----- Data section -----

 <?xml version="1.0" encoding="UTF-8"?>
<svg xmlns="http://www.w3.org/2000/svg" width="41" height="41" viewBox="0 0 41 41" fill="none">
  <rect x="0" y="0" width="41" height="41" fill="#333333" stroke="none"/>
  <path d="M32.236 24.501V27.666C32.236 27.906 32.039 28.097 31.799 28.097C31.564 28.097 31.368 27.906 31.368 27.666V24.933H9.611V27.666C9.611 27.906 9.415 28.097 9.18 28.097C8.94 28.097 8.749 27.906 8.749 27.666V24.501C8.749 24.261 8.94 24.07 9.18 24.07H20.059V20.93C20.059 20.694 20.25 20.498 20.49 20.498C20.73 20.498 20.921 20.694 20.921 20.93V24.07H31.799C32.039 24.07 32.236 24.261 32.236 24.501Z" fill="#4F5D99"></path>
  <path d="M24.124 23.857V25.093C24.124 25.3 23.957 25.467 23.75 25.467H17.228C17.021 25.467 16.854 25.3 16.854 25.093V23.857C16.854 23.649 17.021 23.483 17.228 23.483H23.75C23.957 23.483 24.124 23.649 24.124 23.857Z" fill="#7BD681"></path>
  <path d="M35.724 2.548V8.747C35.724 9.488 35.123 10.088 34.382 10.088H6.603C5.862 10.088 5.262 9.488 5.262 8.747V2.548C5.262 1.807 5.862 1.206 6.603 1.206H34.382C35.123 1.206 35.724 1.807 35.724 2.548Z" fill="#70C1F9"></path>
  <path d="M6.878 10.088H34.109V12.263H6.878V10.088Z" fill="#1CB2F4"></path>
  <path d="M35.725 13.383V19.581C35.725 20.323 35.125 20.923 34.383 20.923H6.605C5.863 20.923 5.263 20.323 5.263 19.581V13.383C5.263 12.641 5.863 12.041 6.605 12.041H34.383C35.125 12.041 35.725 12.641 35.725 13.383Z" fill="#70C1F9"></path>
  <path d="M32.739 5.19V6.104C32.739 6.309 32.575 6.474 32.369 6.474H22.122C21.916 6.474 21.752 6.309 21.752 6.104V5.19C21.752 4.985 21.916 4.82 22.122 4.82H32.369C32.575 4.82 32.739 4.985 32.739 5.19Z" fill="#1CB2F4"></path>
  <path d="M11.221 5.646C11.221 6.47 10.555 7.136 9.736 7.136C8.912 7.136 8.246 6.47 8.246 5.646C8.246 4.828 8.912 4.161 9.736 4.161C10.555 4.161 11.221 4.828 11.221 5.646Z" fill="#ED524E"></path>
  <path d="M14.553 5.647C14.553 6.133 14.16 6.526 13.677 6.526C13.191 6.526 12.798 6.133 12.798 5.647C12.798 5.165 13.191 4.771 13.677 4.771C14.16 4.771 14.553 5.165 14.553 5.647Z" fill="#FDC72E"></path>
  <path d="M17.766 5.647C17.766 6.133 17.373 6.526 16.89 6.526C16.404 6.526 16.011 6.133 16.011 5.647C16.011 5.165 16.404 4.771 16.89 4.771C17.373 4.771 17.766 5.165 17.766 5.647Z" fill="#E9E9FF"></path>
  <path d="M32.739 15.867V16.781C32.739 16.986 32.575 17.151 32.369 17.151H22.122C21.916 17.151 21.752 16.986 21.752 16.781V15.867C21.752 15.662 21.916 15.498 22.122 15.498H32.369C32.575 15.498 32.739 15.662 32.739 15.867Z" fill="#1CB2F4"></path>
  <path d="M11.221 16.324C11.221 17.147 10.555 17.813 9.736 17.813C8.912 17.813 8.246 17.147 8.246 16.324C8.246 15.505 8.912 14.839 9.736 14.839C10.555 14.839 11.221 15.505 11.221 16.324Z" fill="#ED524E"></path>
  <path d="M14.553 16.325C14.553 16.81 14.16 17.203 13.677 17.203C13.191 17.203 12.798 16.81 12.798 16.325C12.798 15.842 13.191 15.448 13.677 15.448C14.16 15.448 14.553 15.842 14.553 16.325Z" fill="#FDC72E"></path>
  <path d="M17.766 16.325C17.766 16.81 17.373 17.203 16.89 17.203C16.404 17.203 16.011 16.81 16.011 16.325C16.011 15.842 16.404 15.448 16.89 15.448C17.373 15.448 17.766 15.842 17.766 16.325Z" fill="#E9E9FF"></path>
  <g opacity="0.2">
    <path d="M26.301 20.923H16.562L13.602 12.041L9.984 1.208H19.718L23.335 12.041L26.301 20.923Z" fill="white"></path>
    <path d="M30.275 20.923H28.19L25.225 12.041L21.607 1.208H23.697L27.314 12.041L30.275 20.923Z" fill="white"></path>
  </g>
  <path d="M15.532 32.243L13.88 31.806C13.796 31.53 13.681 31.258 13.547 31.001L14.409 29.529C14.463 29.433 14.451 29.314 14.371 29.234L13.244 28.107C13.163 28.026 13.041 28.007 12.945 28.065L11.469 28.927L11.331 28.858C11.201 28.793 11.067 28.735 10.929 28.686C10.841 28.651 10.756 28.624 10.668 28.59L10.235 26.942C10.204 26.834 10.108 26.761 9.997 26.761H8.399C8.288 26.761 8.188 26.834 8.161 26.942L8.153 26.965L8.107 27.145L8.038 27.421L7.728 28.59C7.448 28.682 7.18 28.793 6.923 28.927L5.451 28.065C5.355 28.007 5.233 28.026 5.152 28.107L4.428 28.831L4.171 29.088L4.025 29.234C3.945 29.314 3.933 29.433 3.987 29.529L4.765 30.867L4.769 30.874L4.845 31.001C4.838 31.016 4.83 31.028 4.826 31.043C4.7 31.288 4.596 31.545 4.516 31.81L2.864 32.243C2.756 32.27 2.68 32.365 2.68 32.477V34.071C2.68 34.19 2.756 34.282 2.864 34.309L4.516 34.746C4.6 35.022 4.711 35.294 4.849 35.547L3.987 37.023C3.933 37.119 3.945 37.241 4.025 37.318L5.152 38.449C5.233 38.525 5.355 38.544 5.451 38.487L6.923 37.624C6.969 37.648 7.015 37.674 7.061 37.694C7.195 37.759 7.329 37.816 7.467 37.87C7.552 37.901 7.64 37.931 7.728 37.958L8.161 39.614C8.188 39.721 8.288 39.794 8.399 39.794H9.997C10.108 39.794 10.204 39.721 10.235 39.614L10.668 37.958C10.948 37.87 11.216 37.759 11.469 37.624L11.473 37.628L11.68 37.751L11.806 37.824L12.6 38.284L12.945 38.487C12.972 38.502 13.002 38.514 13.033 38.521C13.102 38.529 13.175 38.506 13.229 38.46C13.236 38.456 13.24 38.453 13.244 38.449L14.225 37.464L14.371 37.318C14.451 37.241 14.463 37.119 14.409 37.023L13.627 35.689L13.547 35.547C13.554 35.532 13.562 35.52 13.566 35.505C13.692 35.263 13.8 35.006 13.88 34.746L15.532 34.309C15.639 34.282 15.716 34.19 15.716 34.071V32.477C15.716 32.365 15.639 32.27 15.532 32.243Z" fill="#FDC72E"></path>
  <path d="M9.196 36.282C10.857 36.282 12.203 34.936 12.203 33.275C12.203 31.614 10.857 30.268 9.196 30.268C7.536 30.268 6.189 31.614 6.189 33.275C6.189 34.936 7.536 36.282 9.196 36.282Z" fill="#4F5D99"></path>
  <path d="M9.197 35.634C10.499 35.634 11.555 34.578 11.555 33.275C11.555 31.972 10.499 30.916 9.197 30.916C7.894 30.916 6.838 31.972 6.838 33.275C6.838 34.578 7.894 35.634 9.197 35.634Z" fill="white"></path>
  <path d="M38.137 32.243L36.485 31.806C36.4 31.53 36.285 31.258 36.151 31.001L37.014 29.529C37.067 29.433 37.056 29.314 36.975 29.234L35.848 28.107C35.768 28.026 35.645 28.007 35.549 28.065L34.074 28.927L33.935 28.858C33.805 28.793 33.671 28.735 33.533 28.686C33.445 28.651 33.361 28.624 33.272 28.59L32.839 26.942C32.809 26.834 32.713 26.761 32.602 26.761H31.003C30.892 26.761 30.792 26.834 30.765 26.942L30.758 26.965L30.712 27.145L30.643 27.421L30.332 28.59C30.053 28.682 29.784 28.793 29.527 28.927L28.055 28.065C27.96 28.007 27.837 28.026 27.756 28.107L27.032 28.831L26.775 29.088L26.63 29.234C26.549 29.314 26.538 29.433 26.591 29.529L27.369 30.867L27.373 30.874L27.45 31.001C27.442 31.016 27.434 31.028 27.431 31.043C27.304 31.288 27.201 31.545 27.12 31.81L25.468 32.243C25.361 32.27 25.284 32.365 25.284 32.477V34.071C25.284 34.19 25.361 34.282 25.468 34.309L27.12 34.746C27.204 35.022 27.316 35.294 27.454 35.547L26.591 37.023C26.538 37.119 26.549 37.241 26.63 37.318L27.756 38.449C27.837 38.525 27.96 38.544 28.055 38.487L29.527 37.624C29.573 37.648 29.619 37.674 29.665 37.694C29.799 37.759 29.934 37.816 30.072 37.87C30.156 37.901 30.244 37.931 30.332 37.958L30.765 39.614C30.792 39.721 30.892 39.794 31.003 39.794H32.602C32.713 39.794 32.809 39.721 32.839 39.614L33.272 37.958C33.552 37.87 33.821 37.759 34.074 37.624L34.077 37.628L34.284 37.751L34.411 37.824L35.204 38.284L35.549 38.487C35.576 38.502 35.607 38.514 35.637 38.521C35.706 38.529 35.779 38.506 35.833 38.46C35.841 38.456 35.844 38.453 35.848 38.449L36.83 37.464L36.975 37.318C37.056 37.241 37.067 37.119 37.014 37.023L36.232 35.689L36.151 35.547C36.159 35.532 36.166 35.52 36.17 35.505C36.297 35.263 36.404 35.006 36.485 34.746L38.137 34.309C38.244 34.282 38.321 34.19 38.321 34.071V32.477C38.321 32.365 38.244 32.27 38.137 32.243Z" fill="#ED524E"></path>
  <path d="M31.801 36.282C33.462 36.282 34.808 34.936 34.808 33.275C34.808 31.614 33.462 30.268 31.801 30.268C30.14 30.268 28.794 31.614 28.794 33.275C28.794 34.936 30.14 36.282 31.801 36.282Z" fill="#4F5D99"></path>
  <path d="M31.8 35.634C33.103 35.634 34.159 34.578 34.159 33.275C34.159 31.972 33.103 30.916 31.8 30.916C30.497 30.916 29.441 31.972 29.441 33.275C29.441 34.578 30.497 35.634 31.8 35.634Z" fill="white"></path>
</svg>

-----

Problem requirements:
Please reproduce exactly the lines from the first one of the records above through the line containing "24.501V27.666C32.236 27.906 32.039", both included, and nothing else.

Response box:
 <?xml version="1.0" encoding="UTF-8"?>
<svg xmlns="http://www.w3.org/2000/svg" width="41" height="41" viewBox="0 0 41 41" fill="none">
  <rect x="0" y="0" width="41" height="41" fill="#333333" stroke="none"/>
  <path d="M32.236 24.501V27.666C32.236 27.906 32.039 28.097 31.799 28.097C31.564 28.097 31.368 27.906 31.368 27.666V24.933H9.611V27.666C9.611 27.906 9.415 28.097 9.18 28.097C8.94 28.097 8.749 27.906 8.749 27.666V24.501C8.749 24.261 8.94 24.07 9.18 24.07H20.059V20.93C20.059 20.694 20.25 20.498 20.49 20.498C20.73 20.498 20.921 20.694 20.921 20.93V24.07H31.799C32.039 24.07 32.236 24.261 32.236 24.501Z" fill="#4F5D99"></path>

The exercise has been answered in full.